Submitted to: Canadian Journal of Veterinary Research
Publication Type: Peer Reviewed Journal
Publication Acceptance Date: 5/15/1996
Publication Date: N/A
Citation: N/A

Interpretive Summary: Pseudorabies is a disease of significant importance to the swine industry to warrant an eradication program. Currently, the recommendation in many eradication programs is to use gene deleted "marker" pseudorabies virus vaccines which allow the differentiation of vaccinated from naturally infected animals. An emerging vaccination strategy is the use of poxviruses that act as a carrier or vector of genes from other viruses. Vectored vaccines could have certain advantages in such an eradication program because they eliminate use of the disease causing virus and they have great potential for differential testing because only genes that elicit a good immune response are included. In this study, there did not appear to be a large difference in protection afforded by multiple pseudorabies virus glycoproteins (gII and gp50) delivered by a vaccinia (a poxvirus) vector over the protection elicited when just gp50 was expressed by the vaccinia vector alone. This may be significant in differential testing for the pseudorabies eradication program. Currently, killed or modified-live marker vaccines used in differential testing are limited to deletions of nonessential glycoprotein genes; but with a vaccinia vectored subunit vaccine, a differential test for an essential gene such as gII is possible. Also, the live viral vector maintains the advantages of modified-live vaccines over killed virus or subunit vaccines. Since gII is an essential gene and the most abundant glycoprotein of the pseudorabies virus genome, it should be an excellent choice for differential testing.
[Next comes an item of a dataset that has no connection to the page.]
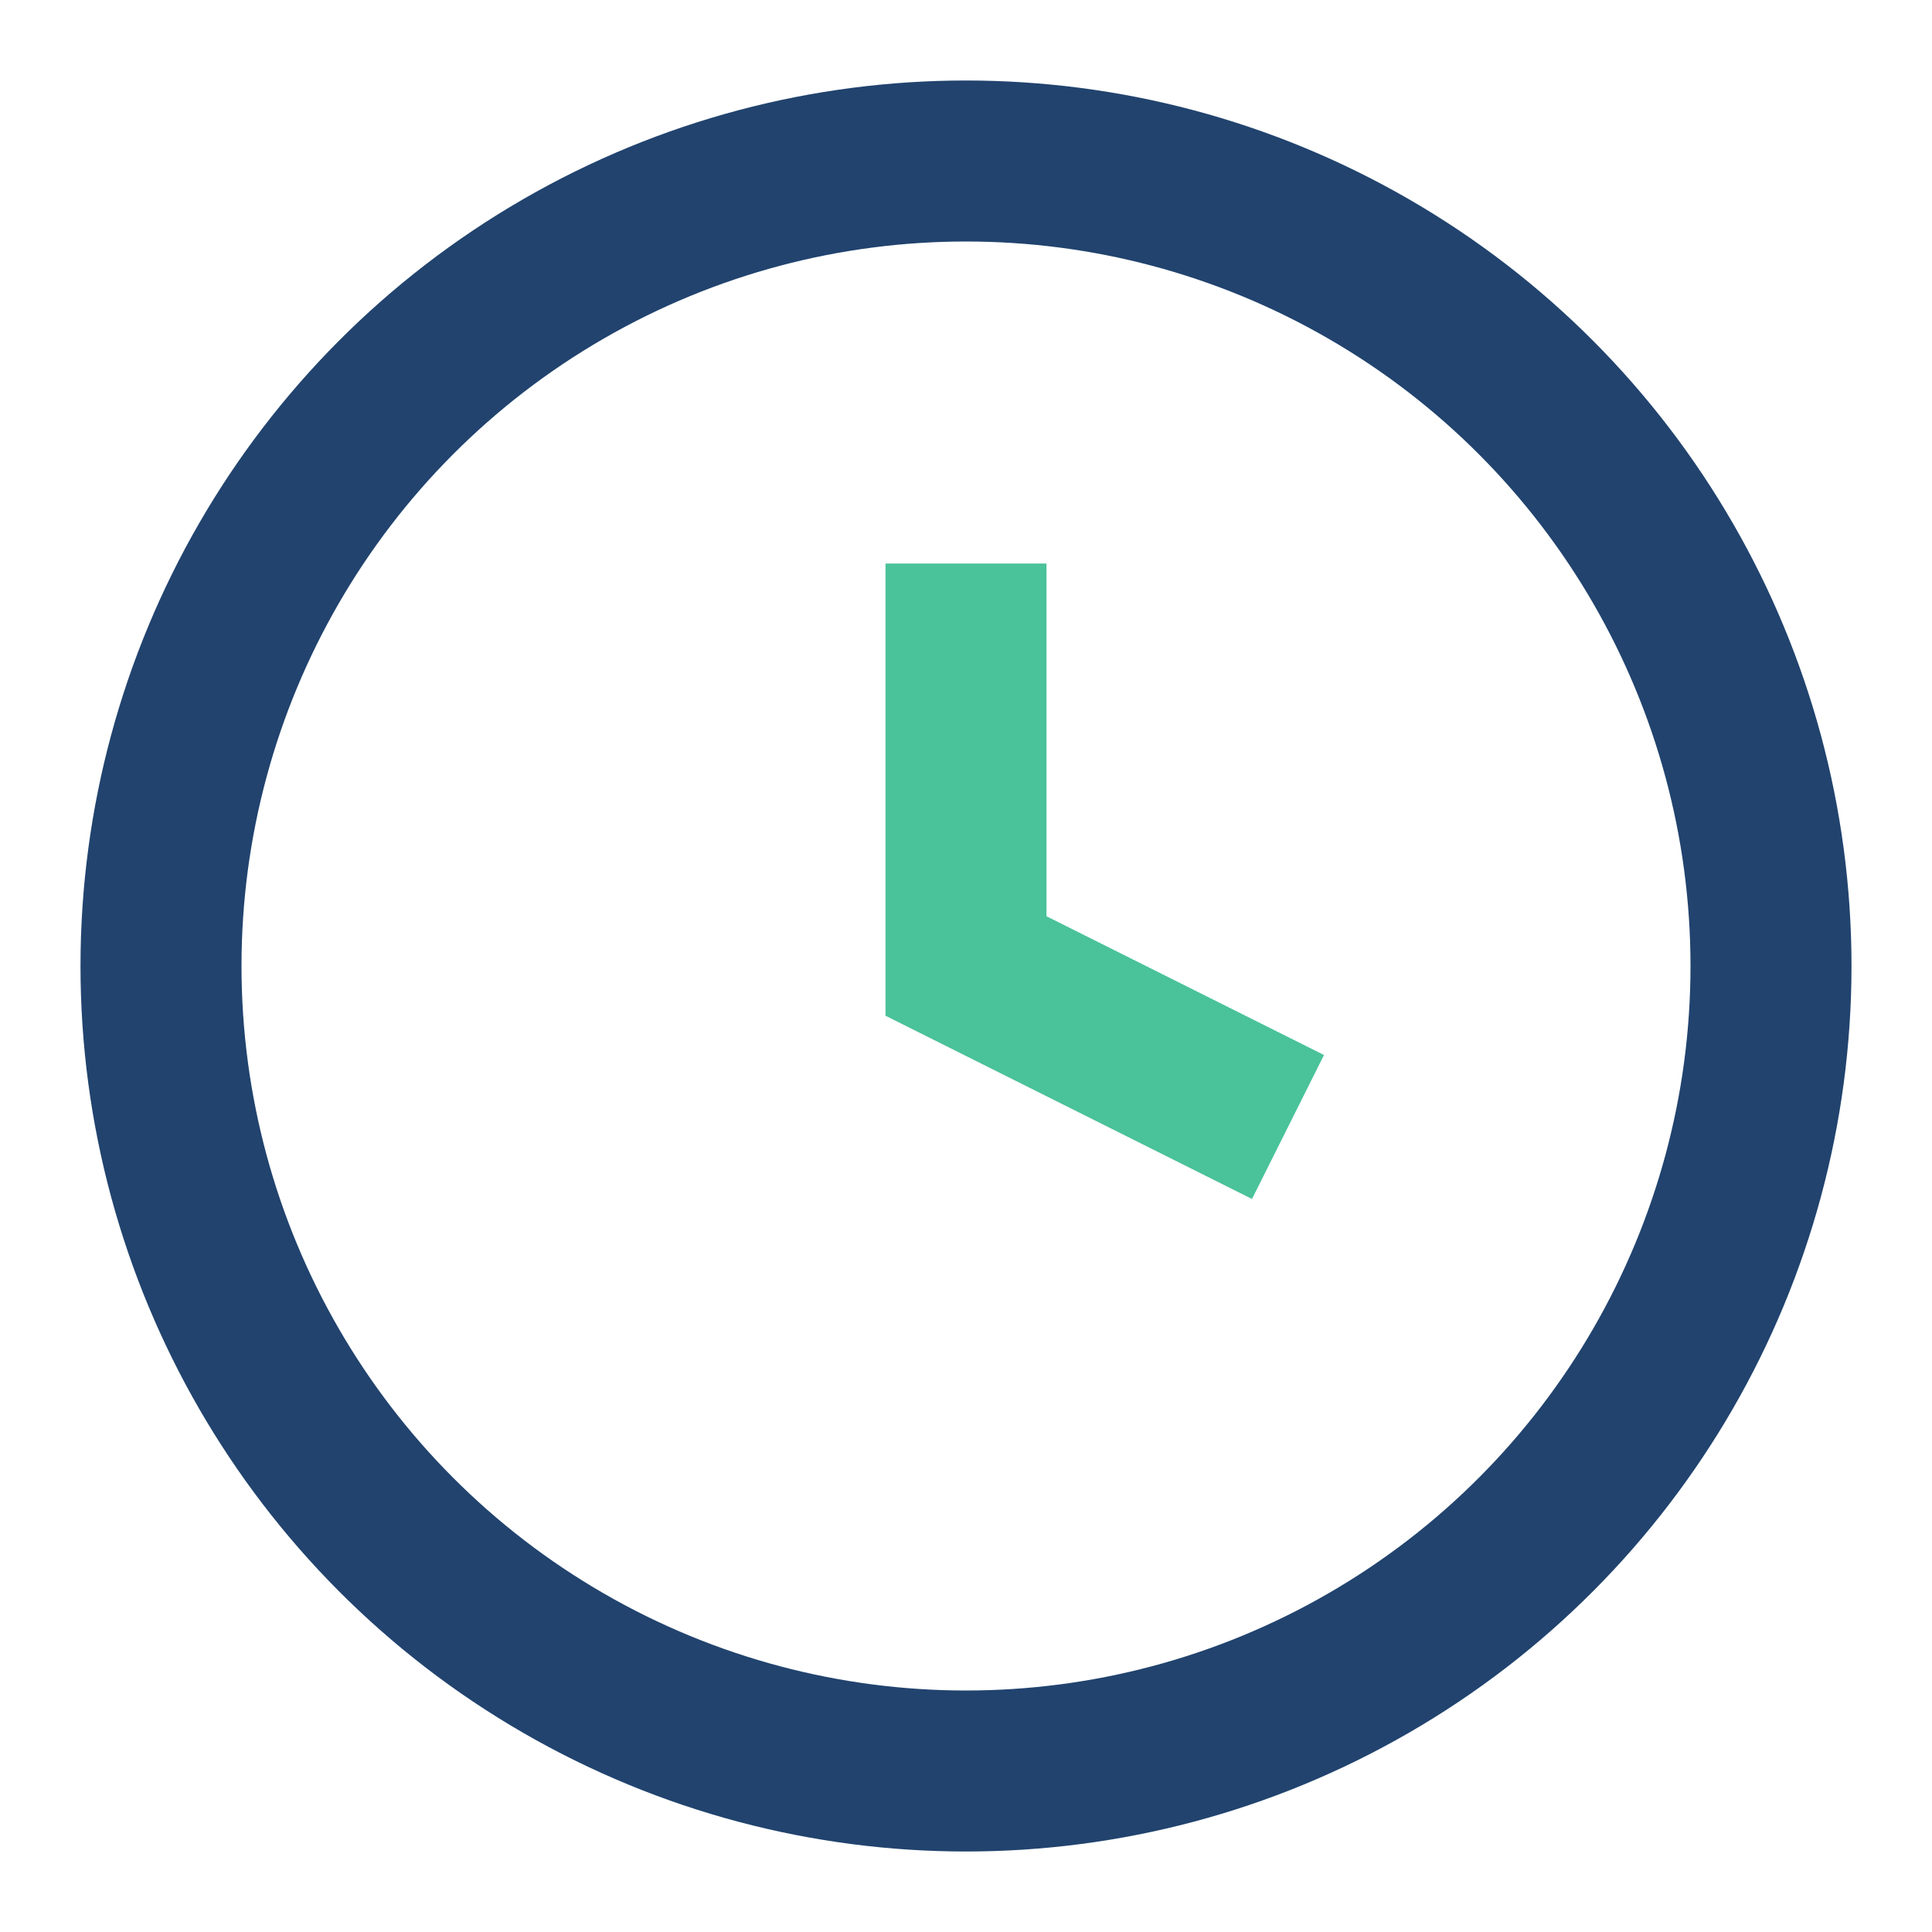 <?xml version="1.0" encoding="UTF-8"?>
<svg xmlns="http://www.w3.org/2000/svg" width="24" height="24" viewBox="0 0 24 24"><circle cx="12" cy="12" r="10" stroke="#21436E" stroke-width="2" fill="none"/><path d="M12 7v5l4 2" stroke="#4AC29A" stroke-width="2" fill="none"/></svg>

Technical Abstract: A vaccinia vector containing genes for pseudorabies virus glycoproteins gII and gp50 was administered to pigs to determine if they would have a greater protective effect than a vector containing the gene for gp50 alone. Both constructs protected pigs similarly from virulent pseudorabies virus challenge. This may be significant in differential testing for the pseudorabies eradication program. Currently, killed or modified-live marker vaccines used in differential testing are limited to deletions of nonessential glycoprotein genes, but with a vaccinia vectored subunit vaccine a differential test for an essential gene such as gII is possible. Also, the live viral vector maintains the advantages of modified-live vaccines over killed virus or subunit vaccines. Since gII is an essential gene and the most abundant glycoprotein of the pseudorabies virus genome it should be an excellent choice for differential testing.